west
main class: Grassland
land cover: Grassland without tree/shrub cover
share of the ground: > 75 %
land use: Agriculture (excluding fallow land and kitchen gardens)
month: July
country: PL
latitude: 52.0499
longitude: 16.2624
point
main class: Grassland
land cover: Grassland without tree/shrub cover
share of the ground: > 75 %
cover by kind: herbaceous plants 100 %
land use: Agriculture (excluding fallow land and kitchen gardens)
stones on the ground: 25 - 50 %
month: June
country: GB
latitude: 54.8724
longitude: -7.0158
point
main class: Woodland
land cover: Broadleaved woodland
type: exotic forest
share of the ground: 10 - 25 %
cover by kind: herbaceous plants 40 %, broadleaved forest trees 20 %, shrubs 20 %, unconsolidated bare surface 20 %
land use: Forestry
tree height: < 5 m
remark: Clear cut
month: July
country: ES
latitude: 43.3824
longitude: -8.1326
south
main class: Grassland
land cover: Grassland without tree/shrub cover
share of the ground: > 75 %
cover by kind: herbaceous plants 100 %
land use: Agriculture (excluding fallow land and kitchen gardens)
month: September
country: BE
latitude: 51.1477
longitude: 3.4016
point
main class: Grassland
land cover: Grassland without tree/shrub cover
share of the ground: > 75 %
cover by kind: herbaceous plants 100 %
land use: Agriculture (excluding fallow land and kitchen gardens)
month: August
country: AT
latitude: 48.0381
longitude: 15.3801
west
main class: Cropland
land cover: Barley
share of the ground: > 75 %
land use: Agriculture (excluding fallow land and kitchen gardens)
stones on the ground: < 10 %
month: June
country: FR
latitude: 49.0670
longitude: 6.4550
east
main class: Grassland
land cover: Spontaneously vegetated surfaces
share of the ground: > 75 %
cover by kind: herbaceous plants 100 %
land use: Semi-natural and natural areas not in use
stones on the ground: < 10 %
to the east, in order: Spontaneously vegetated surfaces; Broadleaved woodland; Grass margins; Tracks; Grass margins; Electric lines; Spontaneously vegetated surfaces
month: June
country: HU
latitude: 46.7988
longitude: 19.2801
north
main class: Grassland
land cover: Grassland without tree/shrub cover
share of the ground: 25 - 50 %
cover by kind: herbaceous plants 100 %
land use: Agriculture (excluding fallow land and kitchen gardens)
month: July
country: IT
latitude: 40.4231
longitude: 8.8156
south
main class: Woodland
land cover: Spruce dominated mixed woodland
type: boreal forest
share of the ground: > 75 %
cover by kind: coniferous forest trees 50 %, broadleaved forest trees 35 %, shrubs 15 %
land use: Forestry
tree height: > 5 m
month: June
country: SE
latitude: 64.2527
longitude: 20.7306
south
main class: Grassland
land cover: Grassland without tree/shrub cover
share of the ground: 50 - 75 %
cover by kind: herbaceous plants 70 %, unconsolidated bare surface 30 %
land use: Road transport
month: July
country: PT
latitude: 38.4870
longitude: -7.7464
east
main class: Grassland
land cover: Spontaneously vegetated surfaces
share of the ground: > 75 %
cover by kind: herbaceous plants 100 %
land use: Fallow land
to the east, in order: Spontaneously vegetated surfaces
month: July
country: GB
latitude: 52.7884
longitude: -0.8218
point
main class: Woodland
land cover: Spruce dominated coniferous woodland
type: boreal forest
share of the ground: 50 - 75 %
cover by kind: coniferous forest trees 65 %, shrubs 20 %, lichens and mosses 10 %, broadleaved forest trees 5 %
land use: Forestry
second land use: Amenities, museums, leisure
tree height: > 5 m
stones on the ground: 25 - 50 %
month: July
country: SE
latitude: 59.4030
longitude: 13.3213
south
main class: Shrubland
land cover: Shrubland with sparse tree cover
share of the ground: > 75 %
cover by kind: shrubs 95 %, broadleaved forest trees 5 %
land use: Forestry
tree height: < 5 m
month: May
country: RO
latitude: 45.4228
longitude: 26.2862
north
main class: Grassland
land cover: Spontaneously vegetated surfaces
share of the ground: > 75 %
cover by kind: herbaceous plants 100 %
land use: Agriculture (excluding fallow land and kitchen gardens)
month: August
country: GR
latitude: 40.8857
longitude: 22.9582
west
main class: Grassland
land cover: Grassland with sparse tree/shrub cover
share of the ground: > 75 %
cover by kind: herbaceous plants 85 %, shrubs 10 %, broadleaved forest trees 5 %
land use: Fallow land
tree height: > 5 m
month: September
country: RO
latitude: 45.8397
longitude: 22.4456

***

PROBLEM TO SOLVE.
Copy out every entry again, exactly as it was given.

ANSWER TO THE PROBLEM.
west
main class: Grassland
land cover: Grassland without tree/shrub cover
share of the ground: > 75 %
land use: Agriculture (excluding fallow land and kitchen gardens)
month: July
country: PL
latitude: 52.0499
longitude: 16.2624
point
main class: Grassland
land cover: Grassland without tree/shrub cover
share of the ground: > 75 %
cover by kind: herbaceous plants 100 %
land use: Agriculture (excluding fallow land and kitchen gardens)
stones on the ground: 25 - 50 %
month: June
country: GB
latitude: 54.8724
longitude: -7.0158
point
main class: Woodland
land cover: Broadleaved woodland
type: exotic forest
share of the ground: 10 - 25 %
cover by kind: herbaceous plants 40 %, broadleaved forest trees 20 %, shrubs 20 %, unconsolidated bare surface 20 %
land use: Forestry
tree height: < 5 m
remark: Clear cut
month: July
country: ES
latitude: 43.3824
longitude: -8.1326
south
main class: Grassland
land cover: Grassland without tree/shrub cover
share of the ground: > 75 %
cover by kind: herbaceous plants 100 %
land use: Agriculture (excluding fallow land and kitchen gardens)
month: September
country: BE
latitude: 51.1477
longitude: 3.4016
point
main class: Grassland
land cover: Grassland without tree/shrub cover
share of the ground: > 75 %
cover by kind: herbaceous plants 100 %
land use: Agriculture (excluding fallow land and kitchen gardens)
month: August
country: AT
latitude: 48.0381
longitude: 15.3801
west
main class: Cropland
land cover: Barley
share of the ground: > 75 %
land use: Agriculture (excluding fallow land and kitchen gardens)
stones on the ground: < 10 %
month: June
country: FR
latitude: 49.0670
longitude: 6.4550
east
main class: Grassland
land cover: Spontaneously vegetated surfaces
share of the ground: > 75 %
cover by kind: herbaceous plants 100 %
land use: Semi-natural and natural areas not in use
stones on the ground: < 10 %
to the east, in order: Spontaneously vegetated surfaces; Broadleaved woodland; Grass margins; Tracks; Grass margins; Electric lines; Spontaneously vegetated surfaces
month: June
country: HU
latitude: 46.7988
longitude: 19.2801
north
main class: Grassland
land cover: Grassland without tree/shrub cover
share of the ground: 25 - 50 %
cover by kind: herbaceous plants 100 %
land use: Agriculture (excluding fallow land and kitchen gardens)
month: July
country: IT
latitude: 40.4231
longitude: 8.8156
south
main class: Woodland
land cover: Spruce dominated mixed woodland
type: boreal forest
share of the ground: > 75 %
cover by kind: coniferous forest trees 50 %, broadleaved forest trees 35 %, shrubs 15 %
land use: Forestry
tree height: > 5 m
month: June
country: SE
latitude: 64.2527
longitude: 20.7306
south
main class: Grassland
land cover: Grassland without tree/shrub cover
share of the ground: 50 - 75 %
cover by kind: herbaceous plants 70 %, unconsolidated bare surface 30 %
land use: Road transport
month: July
country: PT
latitude: 38.4870
longitude: -7.7464
east
main class: Grassland
land cover: Spontaneously vegetated surfaces
share of the ground: > 75 %
cover by kind: herbaceous plants 100 %
land use: Fallow land
to the east, in order: Spontaneously vegetated surfaces
month: July
country: GB
latitude: 52.7884
longitude: -0.8218
point
main class: Woodland
land cover: Spruce dominated coniferous woodland
type: boreal forest
share of the ground: 50 - 75 %
cover by kind: coniferous forest trees 65 %, shrubs 20 %, lichens and mosses 10 %, broadleaved forest trees 5 %
land use: Forestry
second land use: Amenities, museums, leisure
tree height: > 5 m
stones on the ground: 25 - 50 %
month: July
country: SE
latitude: 59.4030
longitude: 13.3213
south
main class: Shrubland
land cover: Shrubland with sparse tree cover
share of the ground: > 75 %
cover by kind: shrubs 95 %, broadleaved forest trees 5 %
land use: Forestry
tree height: < 5 m
month: May
country: RO
latitude: 45.4228
longitude: 26.2862
north
main class: Grassland
land cover: Spontaneously vegetated surfaces
share of the ground: > 75 %
cover by kind: herbaceous plants 100 %
land use: Agriculture (excluding fallow land and kitchen gardens)
month: August
country: GR
latitude: 40.8857
longitude: 22.9582
west
main class: Grassland
land cover: Grassland with sparse tree/shrub cover
share of the ground: > 75 %
cover by kind: herbaceous plants 85 %, shrubs 10 %, broadleaved forest trees 5 %
land use: Fallow land
tree height: > 5 m
month: September
country: RO
latitude: 45.8397
longitude: 22.4456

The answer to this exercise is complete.